■ Directions for this task ■
Copy every record exactly.

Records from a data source
----

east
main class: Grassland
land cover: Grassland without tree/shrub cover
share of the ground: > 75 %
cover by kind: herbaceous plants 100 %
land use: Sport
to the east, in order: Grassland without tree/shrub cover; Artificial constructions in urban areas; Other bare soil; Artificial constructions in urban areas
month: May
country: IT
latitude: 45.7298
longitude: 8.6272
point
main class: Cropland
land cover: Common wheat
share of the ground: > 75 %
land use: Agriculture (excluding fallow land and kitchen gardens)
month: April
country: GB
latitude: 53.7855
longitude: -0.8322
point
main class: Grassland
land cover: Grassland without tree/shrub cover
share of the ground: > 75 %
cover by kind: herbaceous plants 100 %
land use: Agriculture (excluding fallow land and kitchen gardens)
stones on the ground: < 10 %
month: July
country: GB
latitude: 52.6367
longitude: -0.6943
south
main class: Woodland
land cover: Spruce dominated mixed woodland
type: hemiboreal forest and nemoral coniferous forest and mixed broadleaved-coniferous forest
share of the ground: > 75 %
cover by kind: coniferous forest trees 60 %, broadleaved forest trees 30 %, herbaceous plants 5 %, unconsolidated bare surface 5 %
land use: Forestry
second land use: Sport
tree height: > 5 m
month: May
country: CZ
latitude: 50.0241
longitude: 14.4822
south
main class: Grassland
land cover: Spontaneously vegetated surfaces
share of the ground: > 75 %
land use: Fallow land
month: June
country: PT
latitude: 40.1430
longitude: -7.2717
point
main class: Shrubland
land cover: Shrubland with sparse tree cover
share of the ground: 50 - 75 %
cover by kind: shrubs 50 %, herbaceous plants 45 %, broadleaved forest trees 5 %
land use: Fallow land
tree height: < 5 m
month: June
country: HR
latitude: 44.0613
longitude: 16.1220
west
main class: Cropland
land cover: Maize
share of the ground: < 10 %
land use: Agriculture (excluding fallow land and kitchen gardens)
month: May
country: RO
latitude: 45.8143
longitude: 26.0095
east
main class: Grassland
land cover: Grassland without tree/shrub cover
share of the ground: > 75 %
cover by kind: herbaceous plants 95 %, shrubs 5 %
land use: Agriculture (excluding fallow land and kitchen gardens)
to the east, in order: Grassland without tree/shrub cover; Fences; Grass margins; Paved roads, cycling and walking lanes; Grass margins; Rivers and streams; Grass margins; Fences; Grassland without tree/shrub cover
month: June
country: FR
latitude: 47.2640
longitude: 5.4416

----

■ Exercise response ■
east
main class: Grassland
land cover: Grassland without tree/shrub cover
share of the ground: > 75 %
cover by kind: herbaceous plants 100 %
land use: Sport
to the east, in order: Grassland without tree/shrub cover; Artificial constructions in urban areas; Other bare soil; Artificial constructions in urban areas
month: May
country: IT
latitude: 45.7298
longitude: 8.6272
point
main class: Cropland
land cover: Common wheat
share of the ground: > 75 %
land use: Agriculture (excluding fallow land and kitchen gardens)
month: April
country: GB
latitude: 53.7855
longitude: -0.8322
point
main class: Grassland
land cover: Grassland without tree/shrub cover
share of the ground: > 75 %
cover by kind: herbaceous plants 100 %
land use: Agriculture (excluding fallow land and kitchen gardens)
stones on the ground: < 10 %
month: July
country: GB
latitude: 52.6367
longitude: -0.6943
south
main class: Woodland
land cover: Spruce dominated mixed woodland
type: hemiboreal forest and nemoral coniferous forest and mixed broadleaved-coniferous forest
share of the ground: > 75 %
cover by kind: coniferous forest trees 60 %, broadleaved forest trees 30 %, herbaceous plants 5 %, unconsolidated bare surface 5 %
land use: Forestry
second land use: Sport
tree height: > 5 m
month: May
country: CZ
latitude: 50.0241
longitude: 14.4822
south
main class: Grassland
land cover: Spontaneously vegetated surfaces
share of the ground: > 75 %
land use: Fallow land
month: June
country: PT
latitude: 40.1430
longitude: -7.2717
point
main class: Shrubland
land cover: Shrubland with sparse tree cover
share of the ground: 50 - 75 %
cover by kind: shrubs 50 %, herbaceous plants 45 %, broadleaved forest trees 5 %
land use: Fallow land
tree height: < 5 m
month: June
country: HR
latitude: 44.0613
longitude: 16.1220
west
main class: Cropland
land cover: Maize
share of the ground: < 10 %
land use: Agriculture (excluding fallow land and kitchen gardens)
month: May
country: RO
latitude: 45.8143
longitude: 26.0095
east
main class: Grassland
land cover: Grassland without tree/shrub cover
share of the ground: > 75 %
cover by kind: herbaceous plants 95 %, shrubs 5 %
land use: Agriculture (excluding fallow land and kitchen gardens)
to the east, in order: Grassland without tree/shrub cover; Fences; Grass margins; Paved roads, cycling and walking lanes; Grass margins; Rivers and streams; Grass margins; Fences; Grassland without tree/shrub cover
month: June
country: FR
latitude: 47.2640
longitude: 5.4416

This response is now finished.